▸ **DATA SUPPLIED**:
-- Opening Marker --

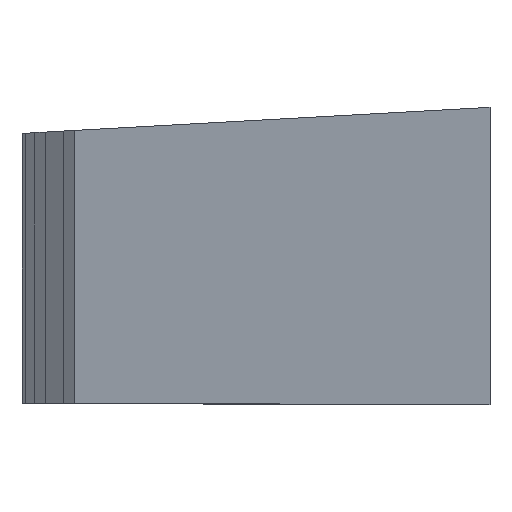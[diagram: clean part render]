
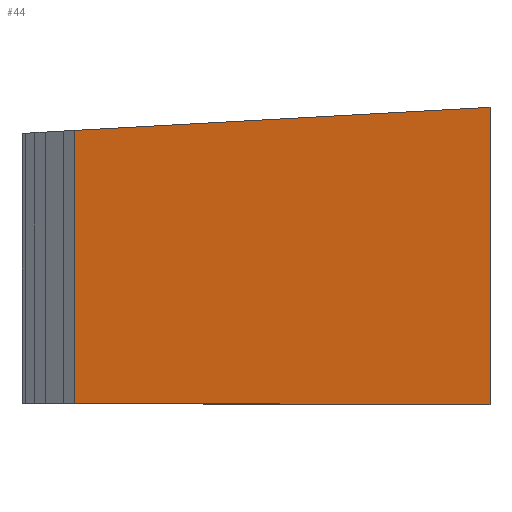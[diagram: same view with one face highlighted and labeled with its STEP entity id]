
A CAD part, top view. The second image highlights one B-rep face of the part: STEP entity #44.
In plain terms, the highlighted planar face has unit normal (0.851, 0, 0.526).
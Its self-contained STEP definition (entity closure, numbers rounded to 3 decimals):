
#44 = ADVANCED_FACE('',(#45),#59,.T.);
#45 = FACE_BOUND('',#46,.T.);
#46 = EDGE_LOOP('',(#47,#80,#106,#132));
#47 = ORIENTED_EDGE('',*,*,#48,.F.);
#48 = EDGE_CURVE('',#49,#51,#53,.T.);
#49 = VERTEX_POINT('',#50);
#50 = CARTESIAN_POINT('',(12634.907,656.956,
    2940.044));
#51 = VERTEX_POINT('',#52);
#52 = CARTESIAN_POINT('',(12634.907,0.,2940.044));
#53 = SURFACE_CURVE('',#54,(#58,#69),.PCURVE_S1.);
#54 = LINE('',#55,#56);
#55 = CARTESIAN_POINT('',(12634.907,-23.12,
    2940.044));
#56 = VECTOR('',#57,1.);
#57 = DIRECTION('',(0.,-1.,0.));
#58 = PCURVE('',#59,#64);
#59 = PLANE('',#60);
#60 = AXIS2_PLACEMENT_3D('',#61,#62,#63);
#61 = CARTESIAN_POINT('',(10457.485,0.,6463.149));
#62 = DIRECTION('',(0.851,0.,0.526));
#63 = DIRECTION('',(0.,-1.,0.));
#64 = DEFINITIONAL_REPRESENTATION('',(#65),#68);
#65 = B_SPLINE_CURVE_WITH_KNOTS('',1,(#66,#67),.UNSPECIFIED.,.F.,.F.,(2,
    2),(-800.617,636.649),.PIECEWISE_BEZIER_KNOTS.);
#66 = CARTESIAN_POINT('',(-777.497,4141.67));
#67 = CARTESIAN_POINT('',(659.769,4141.67));
#68 = ( GEOMETRIC_REPRESENTATION_CONTEXT(2) 
PARAMETRIC_REPRESENTATION_CONTEXT() REPRESENTATION_CONTEXT('2D SPACE',''
  ) );
#69 = PCURVE('',#70,#75);
#70 = PLANE('',#71);
#71 = AXIS2_PLACEMENT_3D('',#72,#73,#74);
#72 = CARTESIAN_POINT('',(-9676.723,-46.239,
    -7918.92));
#73 = DIRECTION('',(0.438,0.,-0.899));
#74 = DIRECTION('',(0.,-1.,0.));
#75 = DEFINITIONAL_REPRESENTATION('',(#76),#79);
#76 = B_SPLINE_CURVE_WITH_KNOTS('',1,(#77,#78),.UNSPECIFIED.,.F.,.F.,(2,
    2),(-800.617,636.649),.PIECEWISE_BEZIER_KNOTS.);
#77 = CARTESIAN_POINT('',(-823.736,-24813.826));
#78 = CARTESIAN_POINT('',(613.53,-24813.826));
#79 = ( GEOMETRIC_REPRESENTATION_CONTEXT(2) 
PARAMETRIC_REPRESENTATION_CONTEXT() REPRESENTATION_CONTEXT('2D SPACE',''
  ) );
#80 = ORIENTED_EDGE('',*,*,#81,.T.);
#81 = EDGE_CURVE('',#49,#82,#84,.T.);
#82 = VERTEX_POINT('',#83);
#83 = CARTESIAN_POINT('',(11716.172,603.445,
    4426.573));
#84 = SURFACE_CURVE('',#85,(#89,#95),.PCURVE_S1.);
#85 = LINE('',#86,#87);
#86 = CARTESIAN_POINT('',(10448.959,529.639,
    6476.945));
#87 = VECTOR('',#88,1.);
#88 = DIRECTION('',(-0.525,-0.031,0.85));
#89 = PCURVE('',#59,#90);
#90 = DEFINITIONAL_REPRESENTATION('',(#91),#94);
#91 = B_SPLINE_CURVE_WITH_KNOTS('',1,(#92,#93),.UNSPECIFIED.,.F.,.F.,(2,
    2),(-12005640.622,12005608.171),
  .PIECEWISE_BEZIER_KNOTS.);
#92 = CARTESIAN_POINT('',(-367976.942,12000000.));
#93 = CARTESIAN_POINT('',(366916.672,-12000000.));
#94 = ( GEOMETRIC_REPRESENTATION_CONTEXT(2) 
PARAMETRIC_REPRESENTATION_CONTEXT() REPRESENTATION_CONTEXT('2D SPACE',''
  ) );
#95 = PCURVE('',#96,#101);
#96 = PLANE('',#97);
#97 = AXIS2_PLACEMENT_3D('',#98,#99,#100);
#98 = CARTESIAN_POINT('',(4.582,-78.677,0.));
#99 = DIRECTION('',(0.058,-0.998,0.));
#100 = DIRECTION('',(0.,0.,-1.));
#101 = DEFINITIONAL_REPRESENTATION('',(#102),#105);
#102 = B_SPLINE_CURVE_WITH_KNOTS('',1,(#103,#104),.UNSPECIFIED.,.F.,.F.,
  (2,2),(-12005640.622,12005608.171),
  .PIECEWISE_BEZIER_KNOTS.);
#103 = CARTESIAN_POINT('',(10201316.83,6329983.656));
#104 = CARTESIAN_POINT('',(-10214243.129,-6309042.421));
#105 = ( GEOMETRIC_REPRESENTATION_CONTEXT(2) 
PARAMETRIC_REPRESENTATION_CONTEXT() REPRESENTATION_CONTEXT('2D SPACE',''
  ) );
#106 = ORIENTED_EDGE('',*,*,#107,.T.);
#107 = EDGE_CURVE('',#82,#108,#110,.T.);
#108 = VERTEX_POINT('',#109);
#109 = CARTESIAN_POINT('',(11716.172,0.,4426.573));
#110 = SURFACE_CURVE('',#111,(#115,#121),.PCURVE_S1.);
#111 = LINE('',#112,#113);
#112 = CARTESIAN_POINT('',(11716.172,-10.098,
    4426.573));
#113 = VECTOR('',#114,1.);
#114 = DIRECTION('',(0.,-1.,0.));
#115 = PCURVE('',#59,#116);
#116 = DEFINITIONAL_REPRESENTATION('',(#117),#120);
#117 = B_SPLINE_CURVE_WITH_KNOTS('',1,(#118,#119),.UNSPECIFIED.,.F.,.F.,
  (2,2),(-787.595,649.67),.PIECEWISE_BEZIER_KNOTS.);
#118 = CARTESIAN_POINT('',(-777.497,2394.146));
#119 = CARTESIAN_POINT('',(659.769,2394.146));
#120 = ( GEOMETRIC_REPRESENTATION_CONTEXT(2) 
PARAMETRIC_REPRESENTATION_CONTEXT() REPRESENTATION_CONTEXT('2D SPACE',''
  ) );
#121 = PCURVE('',#122,#127);
#122 = PLANE('',#123);
#123 = AXIS2_PLACEMENT_3D('',#124,#125,#126);
#124 = CARTESIAN_POINT('',(-6932.039,-20.197,
    -9874.187));
#125 = DIRECTION('',(0.609,0.,-0.794));
#126 = DIRECTION('',(0.,-1.,0.));
#127 = DEFINITIONAL_REPRESENTATION('',(#128),#131);
#128 = B_SPLINE_CURVE_WITH_KNOTS('',1,(#129,#130),.UNSPECIFIED.,.F.,.F.,
  (2,2),(-787.595,649.67),.PIECEWISE_BEZIER_KNOTS.);
#129 = CARTESIAN_POINT('',(-797.694,-23500.372));
#130 = CARTESIAN_POINT('',(639.572,-23500.372));
#131 = ( GEOMETRIC_REPRESENTATION_CONTEXT(2) 
PARAMETRIC_REPRESENTATION_CONTEXT() REPRESENTATION_CONTEXT('2D SPACE',''
  ) );
#132 = ORIENTED_EDGE('',*,*,#133,.T.);
#133 = EDGE_CURVE('',#108,#51,#134,.T.);
#134 = SURFACE_CURVE('',#135,(#139,#145),.PCURVE_S1.);
#135 = LINE('',#136,#137);
#136 = CARTESIAN_POINT('',(12134.544,0.,3749.64));
#137 = VECTOR('',#138,1.);
#138 = DIRECTION('',(0.526,0.,-0.851));
#139 = PCURVE('',#59,#140);
#140 = DEFINITIONAL_REPRESENTATION('',(#141),#144);
#141 = B_SPLINE_CURVE_WITH_KNOTS('',1,(#142,#143),.UNSPECIFIED.,.F.,.F.,
  (2,2),(-970.537,1126.492),.PIECEWISE_BEZIER_KNOTS.);
#142 = CARTESIAN_POINT('',(0.,2219.394));
#143 = CARTESIAN_POINT('',(0.,4316.423));
#144 = ( GEOMETRIC_REPRESENTATION_CONTEXT(2) 
PARAMETRIC_REPRESENTATION_CONTEXT() REPRESENTATION_CONTEXT('2D SPACE',''
  ) );
#145 = PCURVE('',#146,#151);
#146 = PLANE('',#147);
#147 = AXIS2_PLACEMENT_3D('',#148,#149,#150);
#148 = CARTESIAN_POINT('',(0.,0.,-7500.));
#149 = DIRECTION('',(0.,-1.,-0.));
#150 = DIRECTION('',(1.,0.,0.));
#151 = DEFINITIONAL_REPRESENTATION('',(#152),#155);
#152 = B_SPLINE_CURVE_WITH_KNOTS('',1,(#153,#154),.UNSPECIFIED.,.F.,.F.,
  (2,2),(-970.537,1126.492),.PIECEWISE_BEZIER_KNOTS.);
#153 = CARTESIAN_POINT('',(11624.299,12075.226));
#154 = CARTESIAN_POINT('',(12726.78,10291.392));
#155 = ( GEOMETRIC_REPRESENTATION_CONTEXT(2) 
PARAMETRIC_REPRESENTATION_CONTEXT() REPRESENTATION_CONTEXT('2D SPACE',''
  ) );

-- Closing Marker --

Going back over the entries above, copy word for word every line from the one that has "-7918.92));" on through the one that has "#94 = ( GEOMETRIC_REPRESENTATION_CONTEXT(2)".

▸ **THE ANSWER**:
    -7918.92));
#73 = DIRECTION('',(0.438,0.,-0.899));
#74 = DIRECTION('',(0.,-1.,0.));
#75 = DEFINITIONAL_REPRESENTATION('',(#76),#79);
#76 = B_SPLINE_CURVE_WITH_KNOTS('',1,(#77,#78),.UNSPECIFIED.,.F.,.F.,(2,
    2),(-800.617,636.649),.PIECEWISE_BEZIER_KNOTS.);
#77 = CARTESIAN_POINT('',(-823.736,-24813.826));
#78 = CARTESIAN_POINT('',(613.53,-24813.826));
#79 = ( GEOMETRIC_REPRESENTATION_CONTEXT(2) 
PARAMETRIC_REPRESENTATION_CONTEXT() REPRESENTATION_CONTEXT('2D SPACE',''
  ) );
#80 = ORIENTED_EDGE('',*,*,#81,.T.);
#81 = EDGE_CURVE('',#49,#82,#84,.T.);
#82 = VERTEX_POINT('',#83);
#83 = CARTESIAN_POINT('',(11716.172,603.445,
    4426.573));
#84 = SURFACE_CURVE('',#85,(#89,#95),.PCURVE_S1.);
#85 = LINE('',#86,#87);
#86 = CARTESIAN_POINT('',(10448.959,529.639,
    6476.945));
#87 = VECTOR('',#88,1.);
#88 = DIRECTION('',(-0.525,-0.031,0.85));
#89 = PCURVE('',#59,#90);
#90 = DEFINITIONAL_REPRESENTATION('',(#91),#94);
#91 = B_SPLINE_CURVE_WITH_KNOTS('',1,(#92,#93),.UNSPECIFIED.,.F.,.F.,(2,
    2),(-12005640.622,12005608.171),
  .PIECEWISE_BEZIER_KNOTS.);
#92 = CARTESIAN_POINT('',(-367976.942,12000000.));
#93 = CARTESIAN_POINT('',(366916.672,-12000000.));
#94 = ( GEOMETRIC_REPRESENTATION_CONTEXT(2) 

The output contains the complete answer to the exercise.